Which types of instances to choose?

The term “instance type” means a certain configuration of virtual instances – a combination of the number of CPUs and the amount of operating memory (RAM). Each type of instance (t3a, m5a, m5, t3 and many others) has its own specifications and price for every minute of their use. It’s therefore quite difficult to choose the one that will be best for the project. At Crossuite, we have prepaid time for m5 and t3a type machines as part of using Amazon services. As the easiest way to compare, I chose a simple test – I repeatedly ran a certain selected task with different configurations and made a comparison. 

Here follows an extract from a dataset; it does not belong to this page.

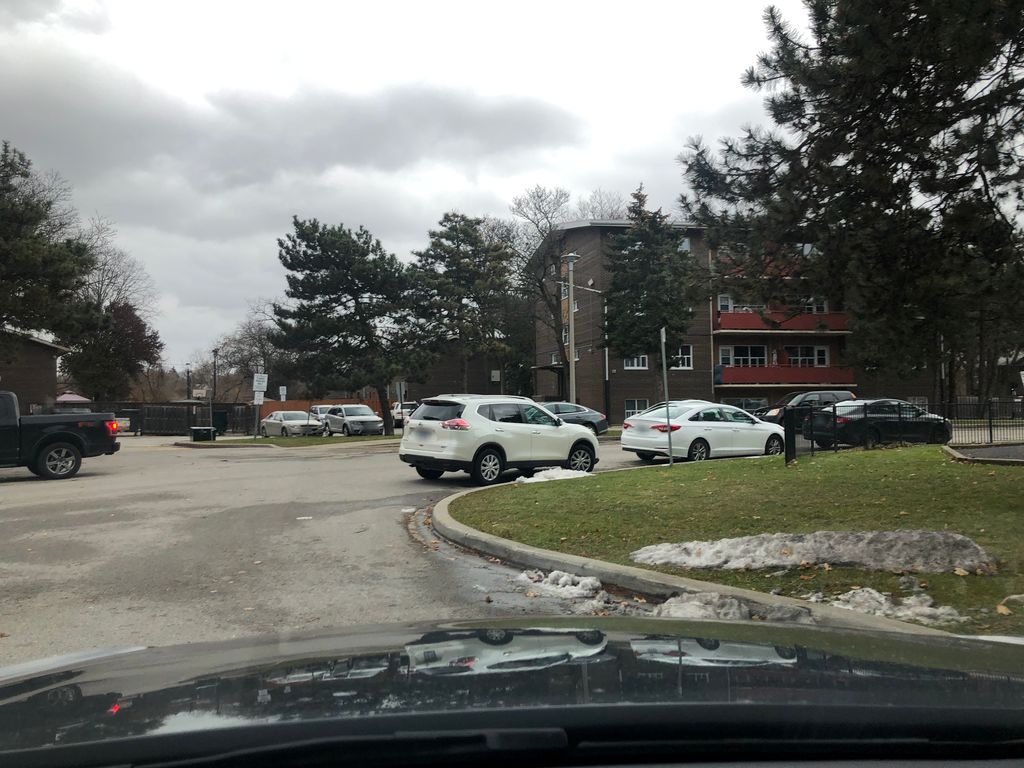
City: toronto

Instance CPU RAM Resulting time
m5.xlarge 4 16 15m 51s
m5.2xlarge 8 32 15m 7s
m5.8xlarge 32 128 15m 16s
m5a.xlarge 2 8 >24m 4s
m5a.xlarge 4 16 17m 17s
t3a.large 2 8 >94m 13s
t3a.xlarge 4 16 18m 43s

The most powerful, or at least the one with the most performance potential, is of course the m5.8xlarge, because it has the most CPU and RAM. However, as the test showed, its resulting time is approximately the same as that of the m5.xlarge. In this particular case, it turned out that tasks need at least 4 CPUs and at the same time can’t utilize more than 8GB of RAM. So we deployed m5a.xlarge, which provides us with a sufficient price-performance ratio. However, I’d like to point out that it’s smart to do such a test for each job separately, because it can always have different requirements and therefore a different ideal instance.

Overall, we’ve assessed ASG since its deployment in March 2023 as a positive step forward. It allowed us to auto-scale tasks that the docker-machine simply couldn’t solve. However, we still need to combine both approaches in order to achieve optimal results.